--- Raw data ---
▬▬▬
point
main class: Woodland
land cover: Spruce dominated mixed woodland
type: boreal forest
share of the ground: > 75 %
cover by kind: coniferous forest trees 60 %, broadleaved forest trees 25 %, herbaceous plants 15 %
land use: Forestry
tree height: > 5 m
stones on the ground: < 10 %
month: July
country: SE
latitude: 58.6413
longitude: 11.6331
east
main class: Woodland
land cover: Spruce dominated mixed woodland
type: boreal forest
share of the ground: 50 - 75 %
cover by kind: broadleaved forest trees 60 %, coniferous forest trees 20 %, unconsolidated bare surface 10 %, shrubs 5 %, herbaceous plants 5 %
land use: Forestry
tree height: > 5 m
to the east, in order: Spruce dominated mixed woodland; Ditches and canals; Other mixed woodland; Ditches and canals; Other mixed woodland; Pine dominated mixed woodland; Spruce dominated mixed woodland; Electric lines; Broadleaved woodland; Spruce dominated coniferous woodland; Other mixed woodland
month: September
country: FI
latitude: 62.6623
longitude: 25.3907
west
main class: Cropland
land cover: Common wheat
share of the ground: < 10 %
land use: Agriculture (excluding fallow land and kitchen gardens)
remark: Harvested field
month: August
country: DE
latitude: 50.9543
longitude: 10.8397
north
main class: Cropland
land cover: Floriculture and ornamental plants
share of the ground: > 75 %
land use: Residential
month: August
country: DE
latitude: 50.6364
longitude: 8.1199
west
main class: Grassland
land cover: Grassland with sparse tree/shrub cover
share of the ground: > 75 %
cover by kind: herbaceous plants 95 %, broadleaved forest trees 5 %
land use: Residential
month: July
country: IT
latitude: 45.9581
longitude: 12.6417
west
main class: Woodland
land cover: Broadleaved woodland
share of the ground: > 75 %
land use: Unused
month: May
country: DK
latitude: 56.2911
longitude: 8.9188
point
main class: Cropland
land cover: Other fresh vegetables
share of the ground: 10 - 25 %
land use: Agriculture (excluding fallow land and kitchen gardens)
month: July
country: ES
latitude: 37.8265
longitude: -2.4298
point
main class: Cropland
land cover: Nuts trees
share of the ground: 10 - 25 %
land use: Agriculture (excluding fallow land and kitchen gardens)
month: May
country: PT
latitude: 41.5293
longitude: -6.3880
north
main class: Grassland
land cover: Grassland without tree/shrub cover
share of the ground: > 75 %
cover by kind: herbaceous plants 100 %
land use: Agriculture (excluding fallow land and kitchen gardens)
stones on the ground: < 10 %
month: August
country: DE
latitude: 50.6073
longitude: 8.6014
▬▬▬
An exact copy of every record above is required.

--- Task response ---
point
main class: Woodland
land cover: Spruce dominated mixed woodland
type: boreal forest
share of the ground: > 75 %
cover by kind: coniferous forest trees 60 %, broadleaved forest trees 25 %, herbaceous plants 15 %
land use: Forestry
tree height: > 5 m
stones on the ground: < 10 %
month: July
country: SE
latitude: 58.6413
longitude: 11.6331
east
main class: Woodland
land cover: Spruce dominated mixed woodland
type: boreal forest
share of the ground: 50 - 75 %
cover by kind: broadleaved forest trees 60 %, coniferous forest trees 20 %, unconsolidated bare surface 10 %, shrubs 5 %, herbaceous plants 5 %
land use: Forestry
tree height: > 5 m
to the east, in order: Spruce dominated mixed woodland; Ditches and canals; Other mixed woodland; Ditches and canals; Other mixed woodland; Pine dominated mixed woodland; Spruce dominated mixed woodland; Electric lines; Broadleaved woodland; Spruce dominated coniferous woodland; Other mixed woodland
month: September
country: FI
latitude: 62.6623
longitude: 25.3907
west
main class: Cropland
land cover: Common wheat
share of the ground: < 10 %
land use: Agriculture (excluding fallow land and kitchen gardens)
remark: Harvested field
month: August
country: DE
latitude: 50.9543
longitude: 10.8397
north
main class: Cropland
land cover: Floriculture and ornamental plants
share of the ground: > 75 %
land use: Residential
month: August
country: DE
latitude: 50.6364
longitude: 8.1199
west
main class: Grassland
land cover: Grassland with sparse tree/shrub cover
share of the ground: > 75 %
cover by kind: herbaceous plants 95 %, broadleaved forest trees 5 %
land use: Residential
month: July
country: IT
latitude: 45.9581
longitude: 12.6417
west
main class: Woodland
land cover: Broadleaved woodland
share of the ground: > 75 %
land use: Unused
month: May
country: DK
latitude: 56.2911
longitude: 8.9188
point
main class: Cropland
land cover: Other fresh vegetables
share of the ground: 10 - 25 %
land use: Agriculture (excluding fallow land and kitchen gardens)
month: July
country: ES
latitude: 37.8265
longitude: -2.4298
point
main class: Cropland
land cover: Nuts trees
share of the ground: 10 - 25 %
land use: Agriculture (excluding fallow land and kitchen gardens)
month: May
country: PT
latitude: 41.5293
longitude: -6.3880
north
main class: Grassland
land cover: Grassland without tree/shrub cover
share of the ground: > 75 %
cover by kind: herbaceous plants 100 %
land use: Agriculture (excluding fallow land and kitchen gardens)
stones on the ground: < 10 %
month: August
country: DE
latitude: 50.6073
longitude: 8.6014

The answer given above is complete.